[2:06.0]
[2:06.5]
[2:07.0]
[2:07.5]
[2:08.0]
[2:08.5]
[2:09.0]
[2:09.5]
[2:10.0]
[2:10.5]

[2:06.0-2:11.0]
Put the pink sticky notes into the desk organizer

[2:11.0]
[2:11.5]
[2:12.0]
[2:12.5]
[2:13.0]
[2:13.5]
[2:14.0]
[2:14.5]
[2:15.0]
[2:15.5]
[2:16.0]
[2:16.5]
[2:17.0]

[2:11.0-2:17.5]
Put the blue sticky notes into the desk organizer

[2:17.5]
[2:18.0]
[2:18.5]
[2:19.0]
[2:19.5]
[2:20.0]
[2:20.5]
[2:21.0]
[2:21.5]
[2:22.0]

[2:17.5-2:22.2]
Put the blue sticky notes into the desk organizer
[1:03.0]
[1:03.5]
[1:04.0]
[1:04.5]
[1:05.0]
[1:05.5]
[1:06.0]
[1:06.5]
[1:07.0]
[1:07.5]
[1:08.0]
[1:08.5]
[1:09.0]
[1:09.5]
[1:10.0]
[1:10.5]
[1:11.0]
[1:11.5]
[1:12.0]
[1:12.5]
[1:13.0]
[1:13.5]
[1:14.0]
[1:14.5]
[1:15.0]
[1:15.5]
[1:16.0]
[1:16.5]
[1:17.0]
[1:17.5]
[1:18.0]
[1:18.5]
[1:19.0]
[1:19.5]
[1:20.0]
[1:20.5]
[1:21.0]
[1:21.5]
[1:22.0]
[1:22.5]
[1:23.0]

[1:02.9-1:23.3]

────────────────────────────────────────

_What you will do_
Exactly as shown above, copy out the material.

_Output for this task_
[2:06.0]
[2:06.5]
[2:07.0]
[2:07.5]
[2:08.0]
[2:08.5]
[2:09.0]
[2:09.5]
[2:10.0]
[2:10.5]

[2:06.0-2:11.0]
Put the pink sticky notes into the desk organizer

[2:11.0]
[2:11.5]
[2:12.0]
[2:12.5]
[2:13.0]
[2:13.5]
[2:14.0]
[2:14.5]
[2:15.0]
[2:15.5]
[2:16.0]
[2:16.5]
[2:17.0]

[2:11.0-2:17.5]
Put the blue sticky notes into the desk organizer

[2:17.5]
[2:18.0]
[2:18.5]
[2:19.0]
[2:19.5]
[2:20.0]
[2:20.5]
[2:21.0]
[2:21.5]
[2:22.0]

[2:17.5-2:22.2]
Put the blue sticky notes into the desk organizer
[1:03.0]
[1:03.5]
[1:04.0]
[1:04.5]
[1:05.0]
[1:05.5]
[1:06.0]
[1:06.5]
[1:07.0]
[1:07.5]
[1:08.0]
[1:08.5]
[1:09.0]
[1:09.5]
[1:10.0]
[1:10.5]
[1:11.0]
[1:11.5]
[1:12.0]
[1:12.5]
[1:13.0]
[1:13.5]
[1:14.0]
[1:14.5]
[1:15.0]
[1:15.5]
[1:16.0]
[1:16.5]
[1:17.0]
[1:17.5]
[1:18.0]
[1:18.5]
[1:19.0]
[1:19.5]
[1:20.0]
[1:20.5]
[1:21.0]
[1:21.5]
[1:22.0]
[1:22.5]
[1:23.0]

[1:02.9-1:23.3]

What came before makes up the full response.